At $4.7M, there is at least a chance that Reed makes sense for the D-backs in 2016. At $4.7M, there could be a fairly large market for Reed midseason, with an extra small-market team or two. At $4.7M, Reed is not a flat-out mistake.
And there’s one other reason why the team should go to trial with Reed: to send a message. It’s been thirteen years since the D-backs took a case to hearing. Worse than that, agents seem to have caught on that the D-backs are terrified to go to a hearing. Using the MLBTR projections as a cross-check, it looks like agents have been pretty aggressive with the figures they file for arbitration. And yet, on top of that, the team has a recent history of settling above the midpoint, which rewards agents for aiming unusually high. Remember how last year, the figures for Trumbo offered the biggest discrepancy (proportionally) in the sport? In that game of chicken, the D-backs lost. They’re going to keep losing, and the fact that they’ve been losing these games of chicken means that losing costs them dearly.
The figures for Reed is a bridge too far. If the D-backs settle near the $5.15M midpoint for Reed, they’ll be the laughingstock of the sport. Their $4.7M figure was too high as it is, and it’s way too high if they don’t retreat to the position that they were trying to get so close to what an arbitrator would offer that victory would be almost assured. In reality, I’m sure both Reed figures benefited from some kind of discussions between team and player. But let’s say those discussions revealed that Reed wouldn’t settle for less than $5.2M; fine. Again, that affects likelihood of settlement only.

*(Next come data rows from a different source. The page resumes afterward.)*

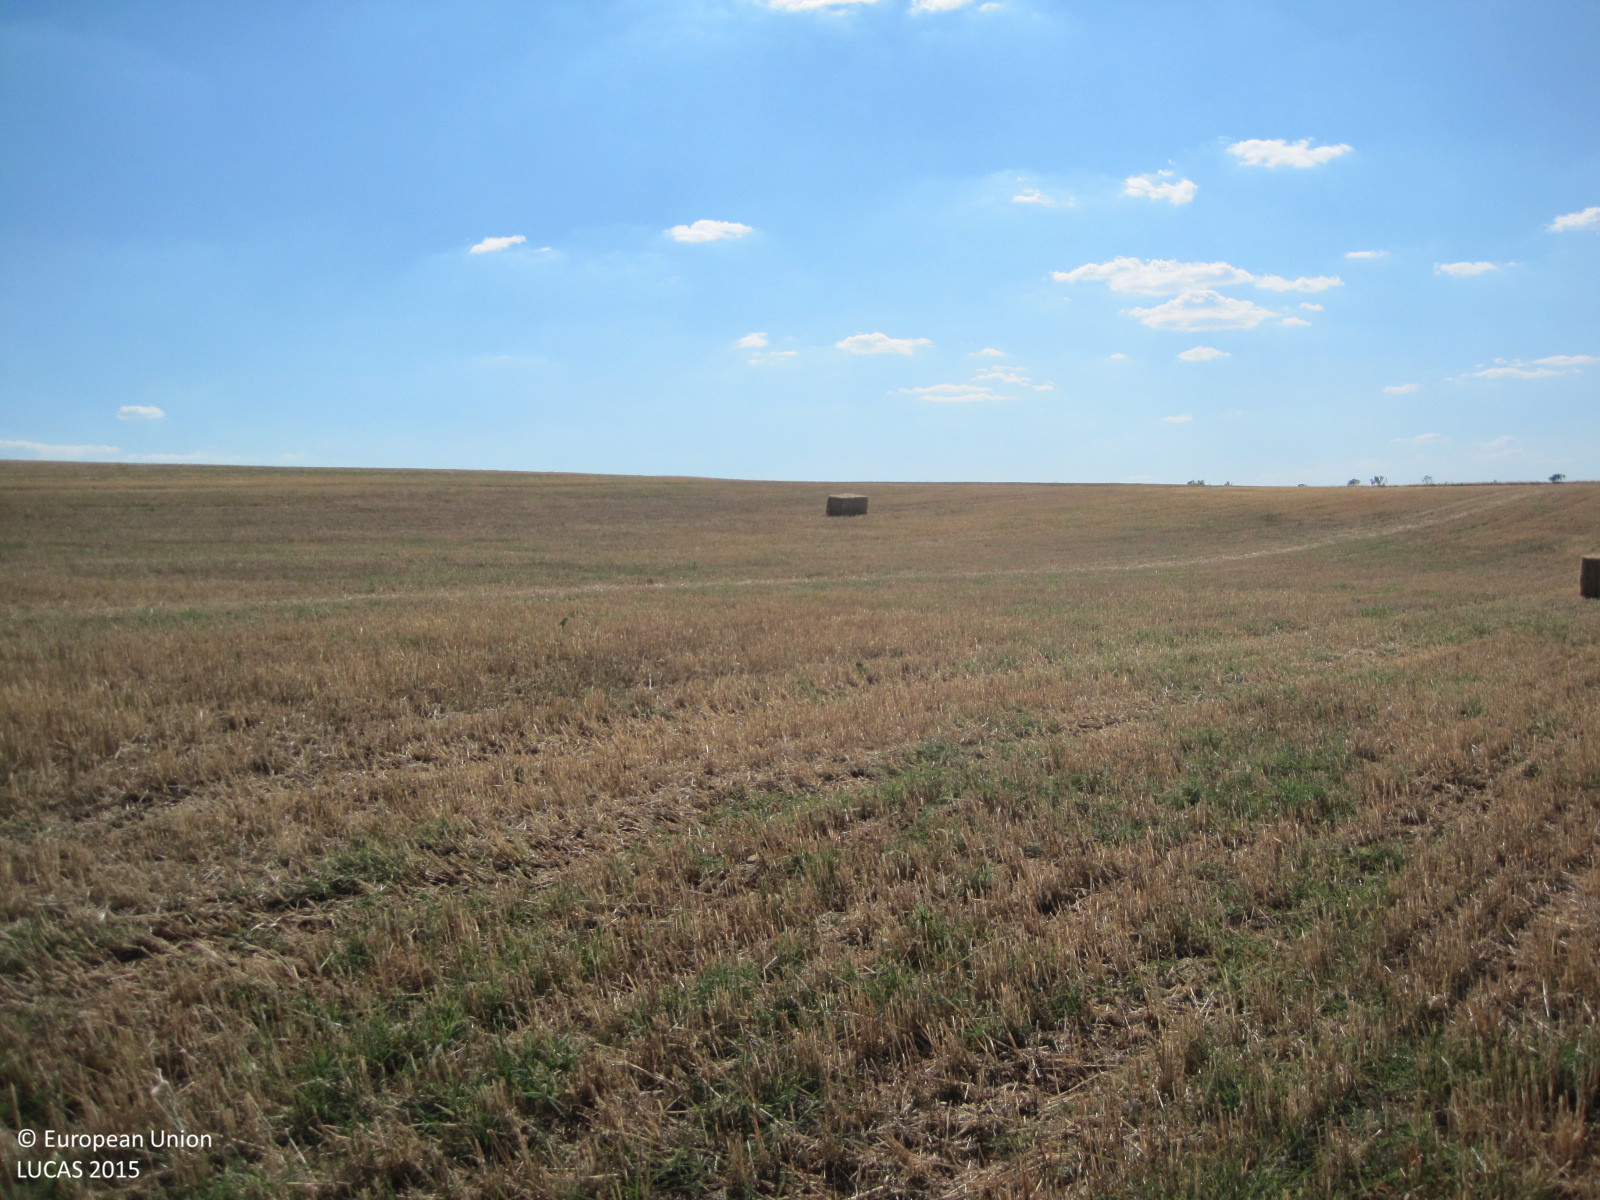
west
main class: Cropland
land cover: Barley
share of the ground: < 10 %
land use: Agriculture (excluding fallow land and kitchen gardens)
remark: Harvested field
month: June
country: ES
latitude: 39.9245
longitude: -4.2070
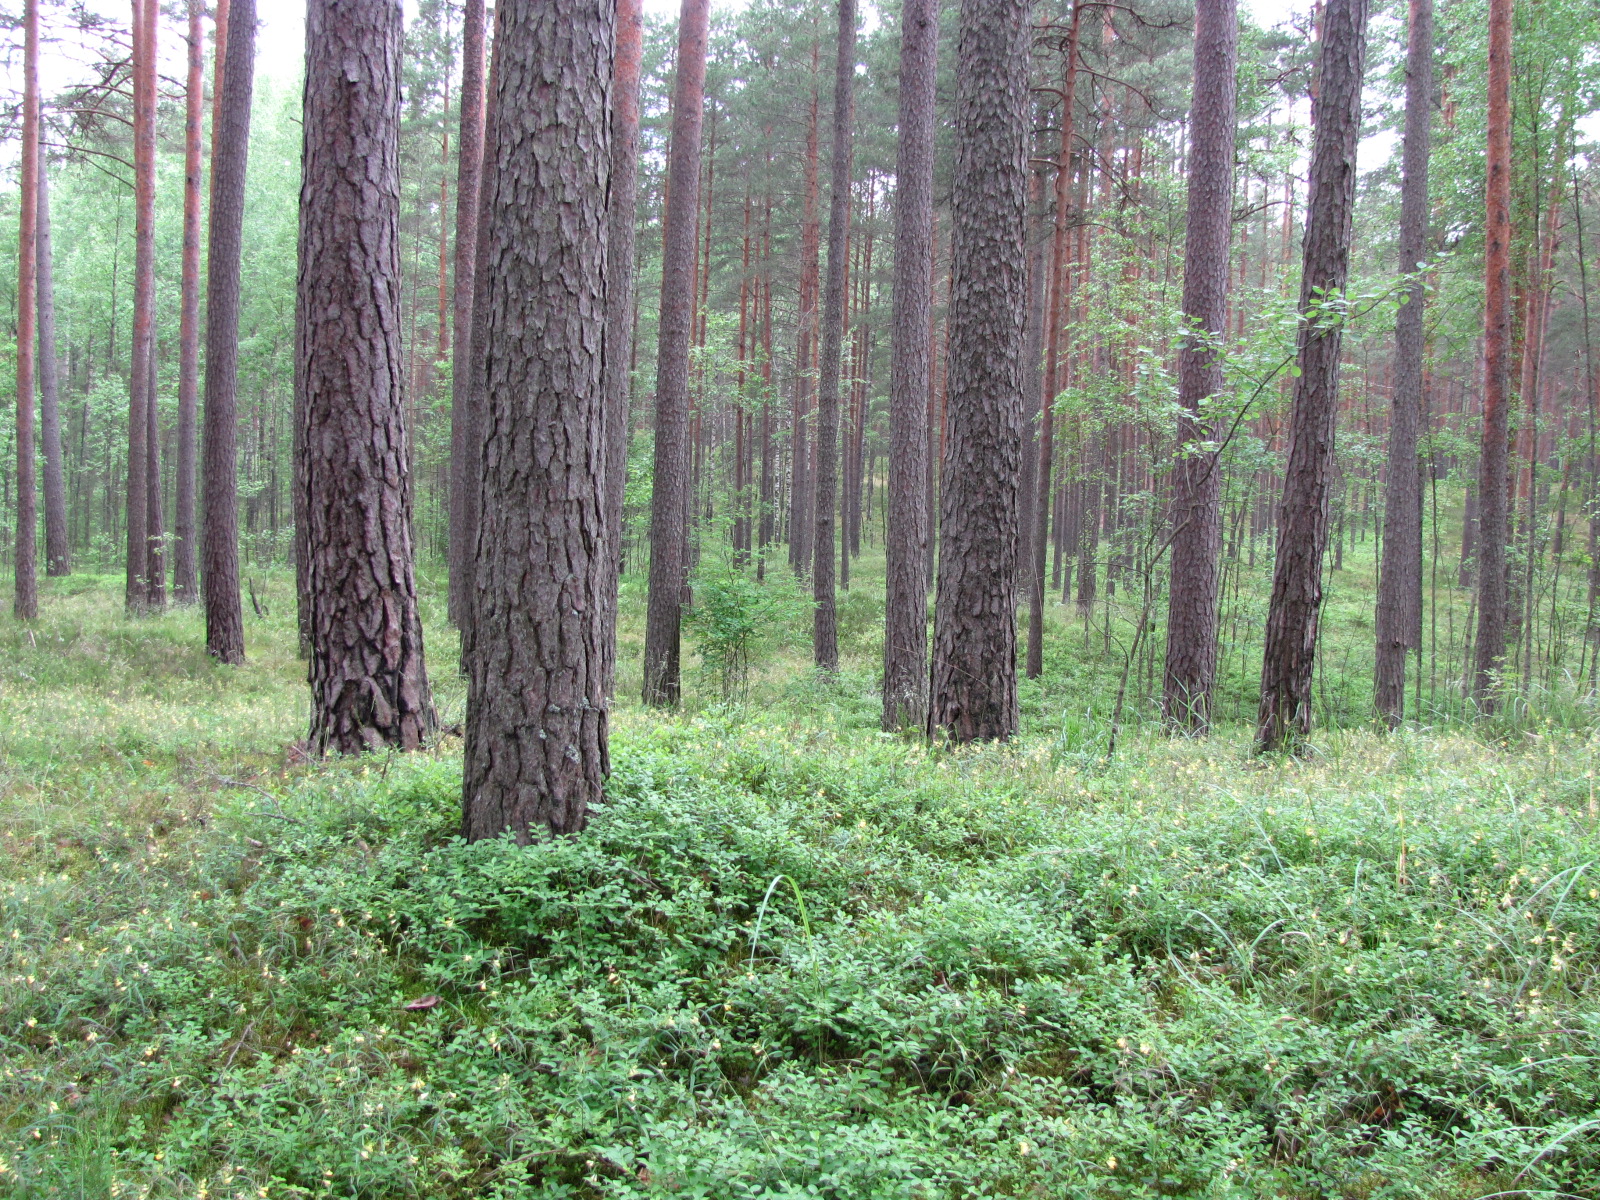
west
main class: Woodland
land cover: Pine dominated coniferous woodland
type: hemiboreal forest and nemoral coniferous forest and mixed broadleaved-coniferous forest
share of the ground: > 75 %
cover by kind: coniferous forest trees 80 %, herbaceous plants 10 %, lichens and mosses 10 %
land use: Forestry
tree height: > 5 m
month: June
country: LV
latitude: 56.9219
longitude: 23.9308

If the team had filed a $4M figure for Reed, I’d say the situation offered a golden opportunity to make a relatively safe play to lower Reed’s next three salaries while giving the team the very significant ancillary benefit of making agents take the D-backs more seriously in the future. But this is a little different. They have to go to trial. They have to show that they aren’t willing to pay any cost to avoid a hearing. At $4.7M, going to trial isn’t just about getting Reed at a good figure and having him as an actual asset in 2016. At that number, the D-backs risk doing a tremendous amount of damage to future negotiations if they don’t go to trial.